Elliot Daly has started just five games for Saracens this season and only one of those at centre, so he hasn’t been picked on form, but I think he’s got the nod because of the experience he brings when that is lacking in those around him.

Elliot Daly
Elliot Daly /PA

Daly is one of five players in the starting XV with more caps to his name than captain Tom Curry but the Sale man is England’s leader because of all the unseen things that we aren’t privy to looking on from outside camp.

Who knows whether he will be skipper for England long-term but it’s a huge honour to have bestowed on him at the age of just 23 and there’s no higher praise than to have your coach liken you to Richie McCaw.

There are different types of captain and it remains to be seen how Curry handles it but he hasn’t been given it as a gimmick and I fully expect to see him leading England more in the future.

You don’t have to shout the odds all the time as a captain, you can lead by example and it’s certainly the case that some captains talk too much, but you do have to command respect when you do speak up and I’m sure Curry will do that.

Simmonds Lions Exeter
(Photo by Getty Images)

He is by far the most experienced man in England’s back row and the selection of Sam Simmonds ahead of Alex Dombrandt is an interesting one. I thought they might both start alongside one another but it’s great to see the Exeter number eight given his chance.

It seemed like Dombrandt might have the edge because of his relationship with Smith but Simmonds has the first shot in this Six Nations and I’m sure we’ll see both starting throughout the tournament.

The back row battle is clearly going to be key and it was interesting to see World Rugby issuing a clarification about when the ball is out the back of a ruck at Eddie Jones’ request.

More mind games and an attempt to get inside the head of referee Ben O’Keeffe it might be but there’s every chance he’s also spotted something in Scotland’s game and I think the selection of Ludlam alongside Curry is to combat the threat of Hamish Watson and Jamie Ritchie at the breakdown.

Marcus Smith
Marcus Smith (Photo by David Rogers/Getty Images)
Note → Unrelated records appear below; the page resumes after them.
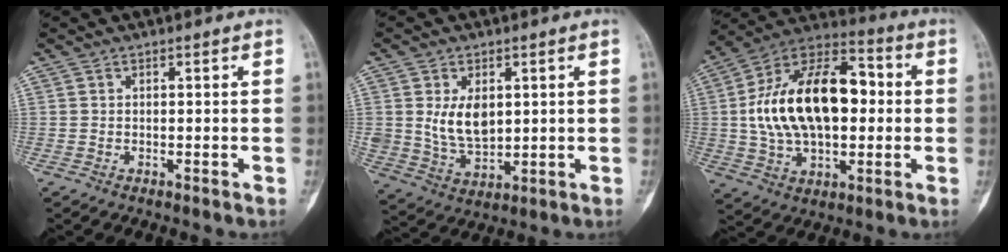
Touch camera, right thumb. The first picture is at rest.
{"total": 8.7, "force": [1.9, 5.7, 6.3], "torque": [-0.094, -0.018, 0.051]}
{"total": 24.1, "force": [1.5, 13.8, 19.7], "torque": [-0.323, 0.026, 0.024]}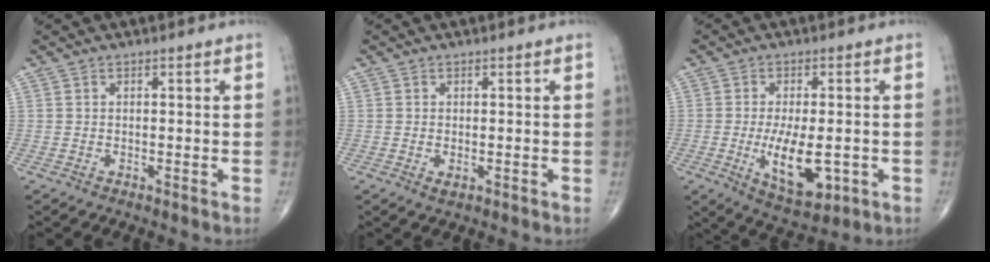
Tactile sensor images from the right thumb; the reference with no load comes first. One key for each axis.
{"total": 1.2, "fx": -0.3, "fy": 0.7, "fz": 1.0, "tx": -0.016, "ty": -0.004, "tz": -0.003}
{"total": 11.3, "fx": -2.4, "fy": 5.1, "fz": 9.8, "tx": -0.155, "ty": -0.012, "tz": -0.027}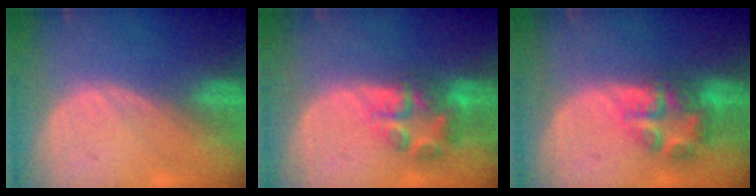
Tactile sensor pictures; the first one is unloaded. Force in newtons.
{"total": 6.9, "press": 5.9, "slide": 3.6}
{"total": 6.9, "press": 6.5, "slide": 2.2}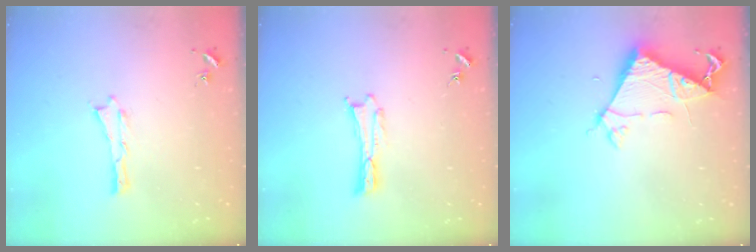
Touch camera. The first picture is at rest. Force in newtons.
{"total": 0.0}
{"total": 7.0, "press": 6.9, "slide": 0.6}

All those decisions in the forwards and the outside backs are fascinating but the battle that everyone wants to see is Marcus Smith against Finn Russell at fly half.

I’m looking forward to it as much as anyone else but I think the conditions, with a fair bit of rain and wind forecast, will mean it might not be the mercurial ability of either that wins the game and it might be the one who manages the game best who comes out on top.
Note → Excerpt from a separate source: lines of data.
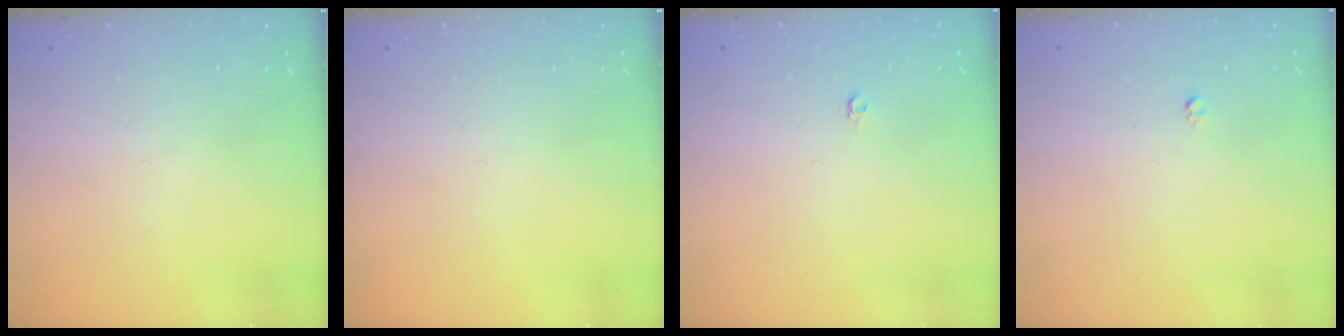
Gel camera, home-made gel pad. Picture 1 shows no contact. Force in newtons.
{"total": 0.0}
{"total": 3.3, "press": 3.3, "slide": 0.3}
{"total": 2.5, "press": 2.5, "slide": 0.2}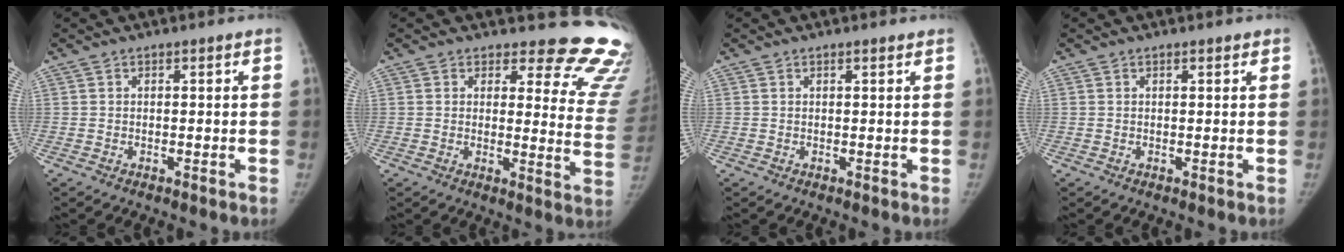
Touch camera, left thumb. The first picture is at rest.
{"total": 16.6, "force": [15.0, 5.8, 4.3], "torque": [0.007, -0.143, 0.139]}
{"total": 0.6, "force": [0.5, 0.1, 0.3], "torque": [-0.008, -0.003, 0.008]}
{"total": 0.6, "force": [0.5, 0.2, 0.4], "torque": [-0.007, -0.002, 0.006]}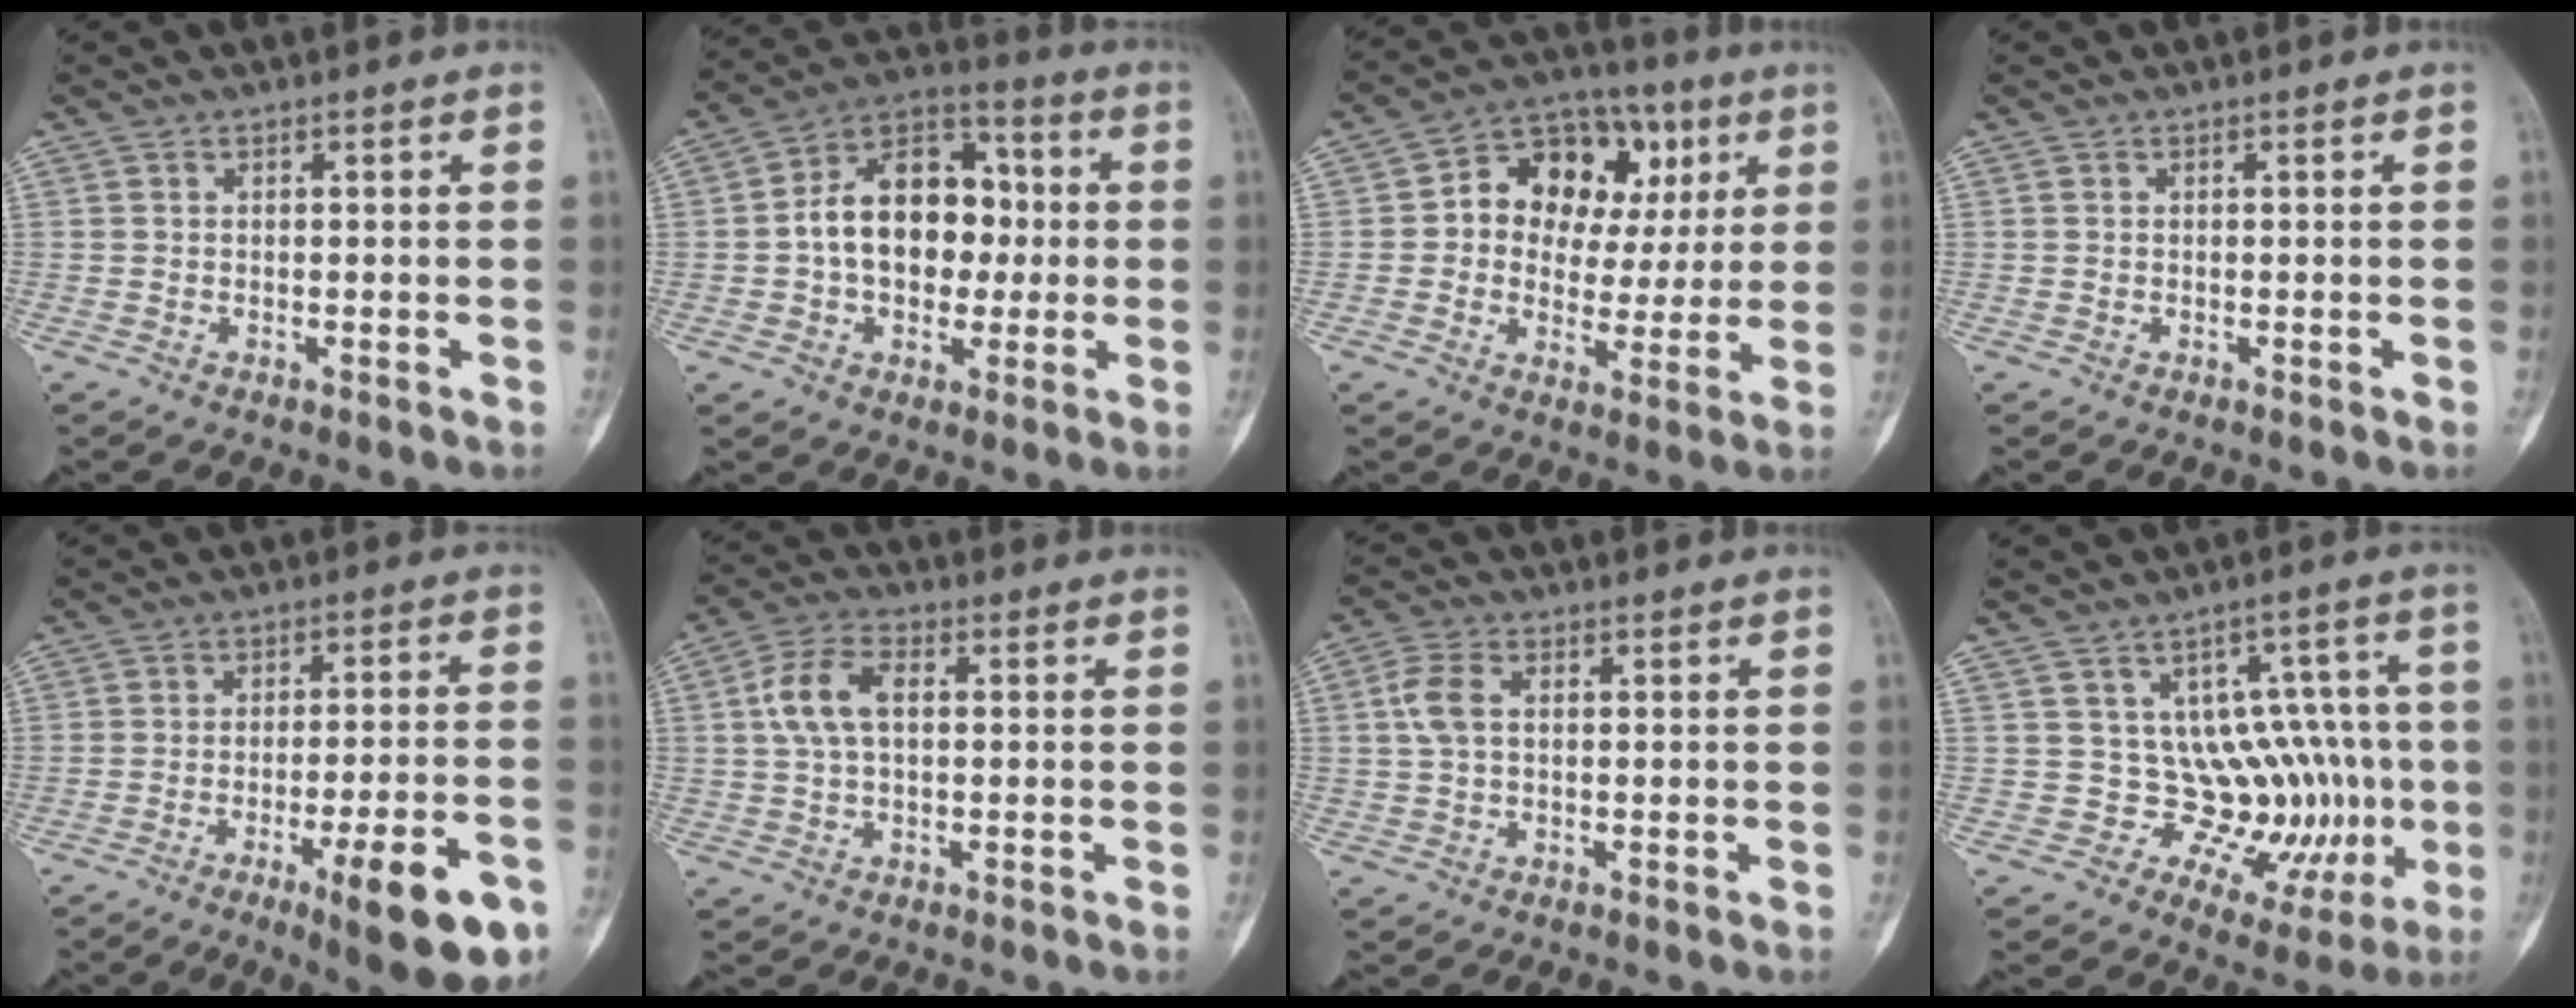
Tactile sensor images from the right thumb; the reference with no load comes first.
{"total": 16.1, "force": [0.1, 11.3, 11.5], "torque": [-0.139, 0.037, -0.005]}
{"total": 16.0, "force": [3.9, 11.7, 10.2], "torque": [-0.094, 0.022, 0.056]}
{"total": 0.0}
{"total": 14.2, "force": [-6.8, 2.9, 12.2], "torque": [-0.159, 0.022, -0.089]}
{"total": 7.6, "force": [1.1, 4.3, 6.2], "torque": [-0.130, 0.018, 0.020]}
{"total": 4.7, "force": [0.7, 2.8, 3.7], "torque": [-0.090, 0.011, 0.012]}
{"total": 12.9, "force": [-0.9, 9.7, 8.5], "torque": [-0.039, 0.016, 0.004]}

Make no bones about it though, Scotland are favourites, even if “red-hot” might be over-egging the pudding a bit, and it’ll be interesting to see how they react after having success going in as underdogs in recent years.

They do have the edge in a few areas but I think Jones might just have got his pre-match rhetoric right on this occasion and I’m picking England to relish the slight underdog tag and win by four points at Murrayfield.